Tech-Fueled Self-Directed Learning

A half-century ago, educator and author John Holt revived our understanding of autodidacticism, advocating for “unschooling,” or self-directed education that takes place outside of traditional schools. His best-selling book, How Children Learn, galvanized the modern homeschooling movement, and is being re-published later this summer in honor of its 50th-anniversary debut.

In it, Holt writes:

We like to say that we send children to school to teach them to think. What we do, all too often, is to teach them to think badly, to give up a natural and powerful way of thinking in favor of a method that does not work well for them and that we rarely use ourselves.”

Holt’s work spurred renewed interest in self-directed learning and set the stage for reimagining education.

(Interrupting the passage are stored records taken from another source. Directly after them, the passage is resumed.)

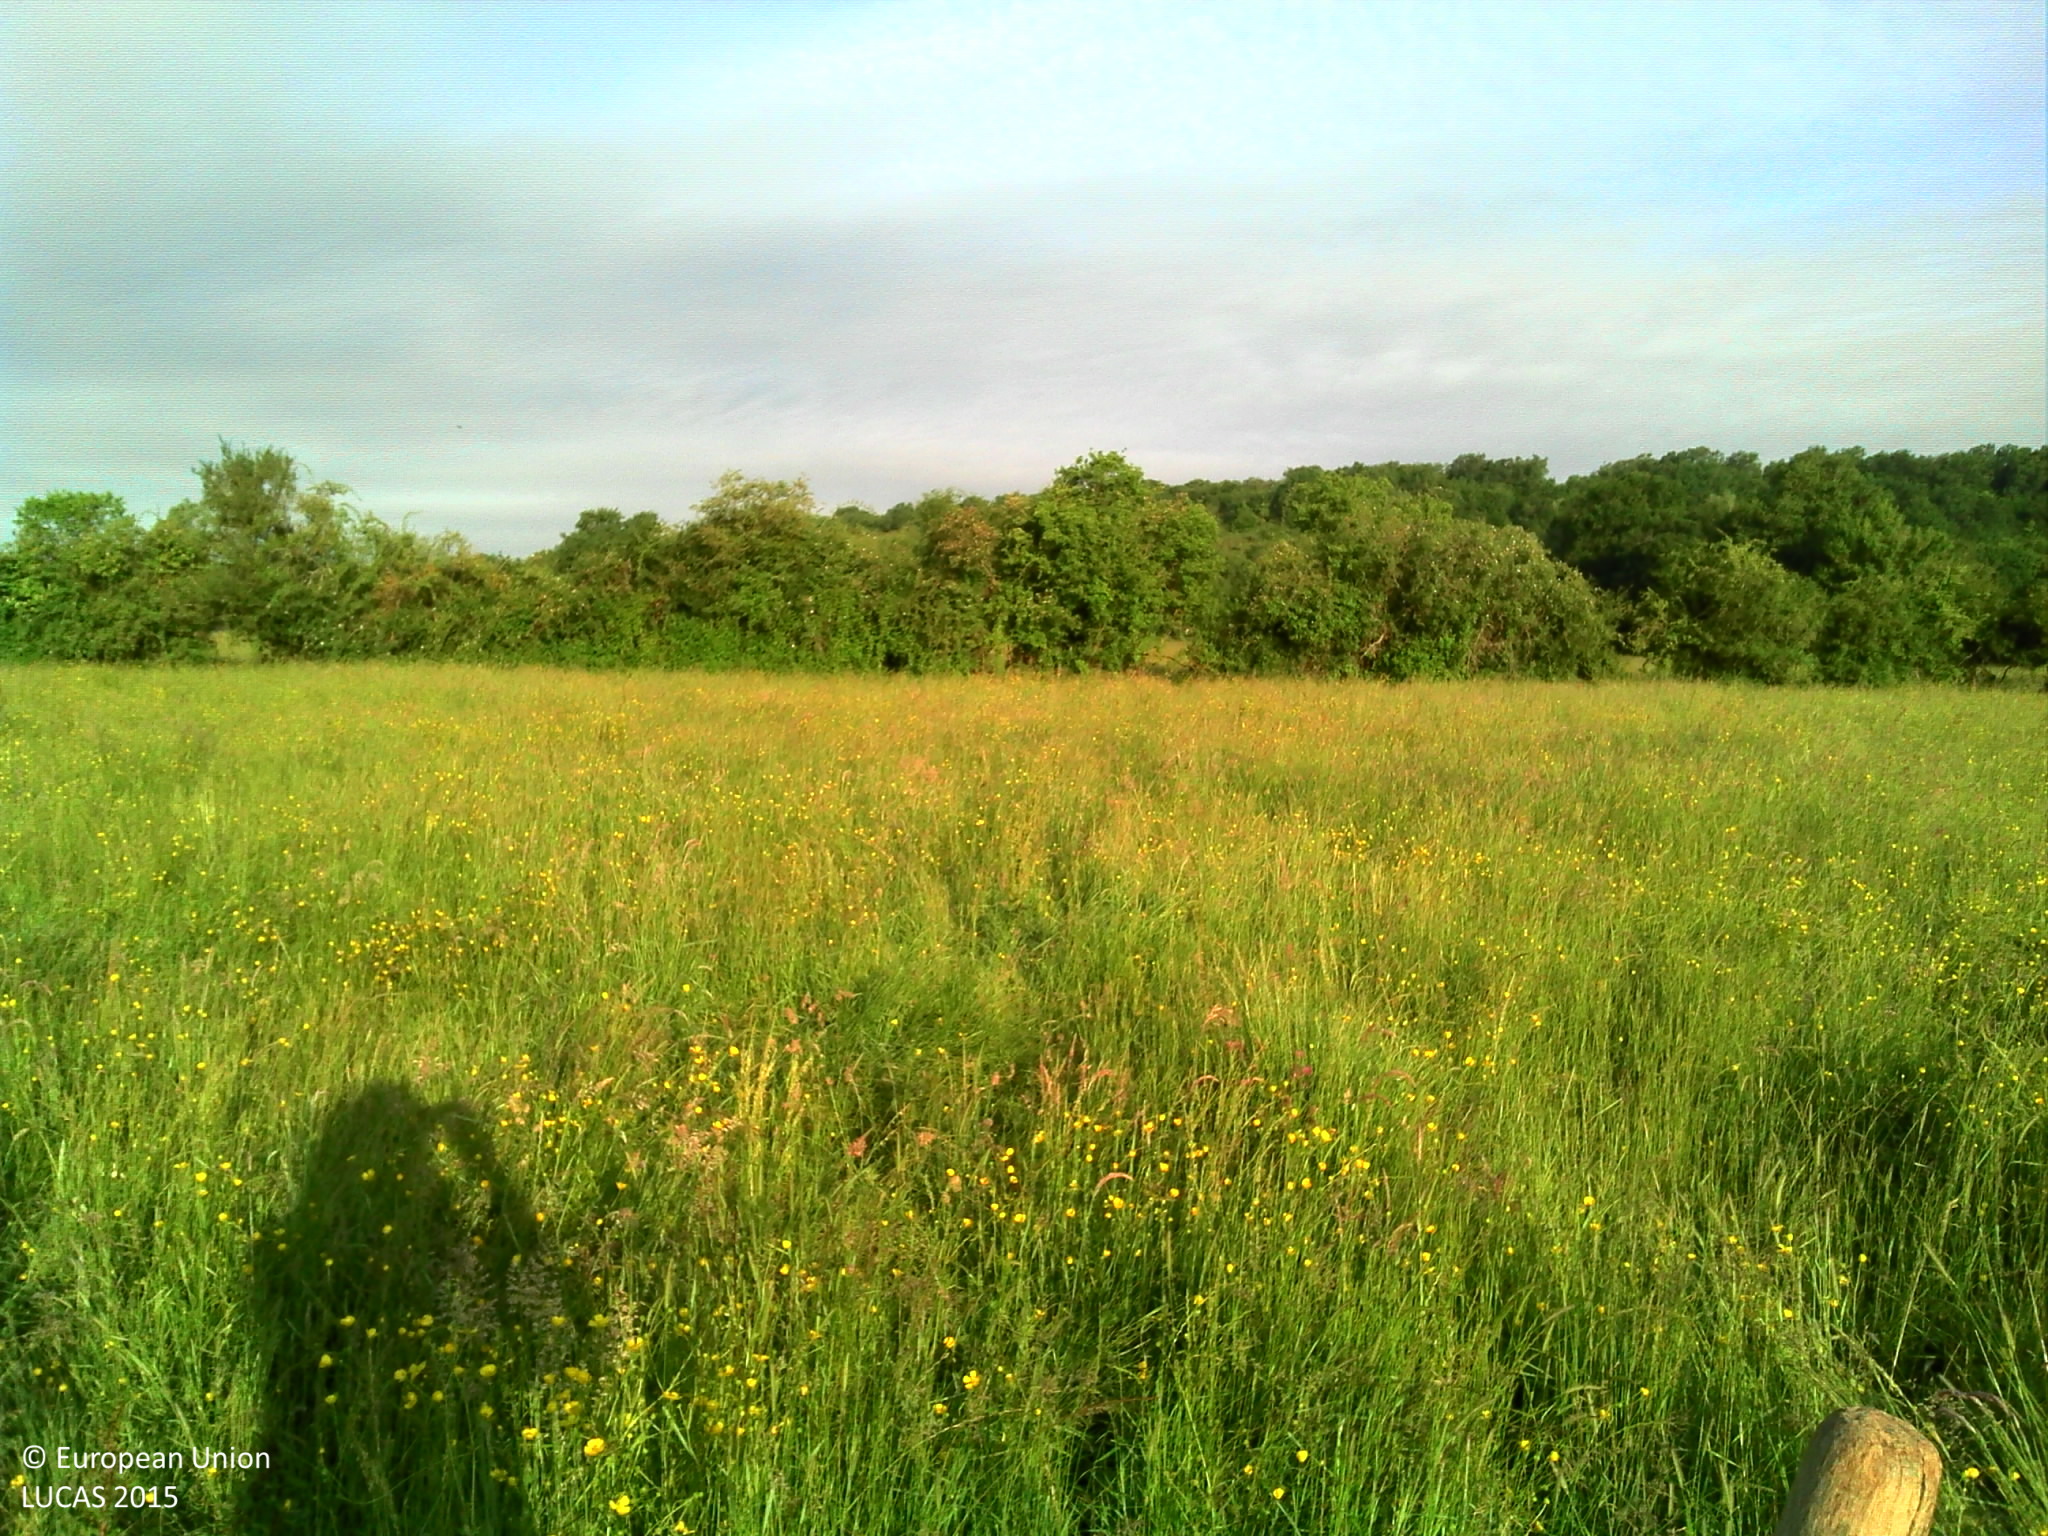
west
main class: Grassland
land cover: Grassland without tree/shrub cover
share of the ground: > 75 %
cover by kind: herbaceous plants 100 %
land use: Agriculture (excluding fallow land and kitchen gardens)
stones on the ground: < 10 %
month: June
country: FR
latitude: 46.9747
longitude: 2.7782

Today, fueled by technological innovation that makes learning easier and more accessible than ever before, autodidacticism is experiencing a renaissance. Online resources, YouTube tutorials, learning apps, cyber-schools, and massive open online courses (MOOCs) provide real-time access to skills, knowledge, information, and ideas.

Tech leaders like Facebook and Netflix are infusing schools with self-directed learning software.

Autodidacts are transforming education in myriad ways. Homeschooling continues to boom as an outlet for more education freedom and self-direction, with up to half of the over two million U.S. homeschoolers embracing some variety of unschooling.

Increasingly, more careers rely on self-teaching skill-sets. For instance, a recent poll of software developers found that over 69 percent of them are at least partly self-taught. And tech leaders like Facebook and Netflix are infusing schools with self-directed learning software, inverting the typical student-teacher relationship and placing learners in charge of their own education.

Autodidacts are helping to shift education from a top-down schooling model to a self-directed learning one. As Jimi Hendrix concluded: “It all has to come from inside, though, I guess.”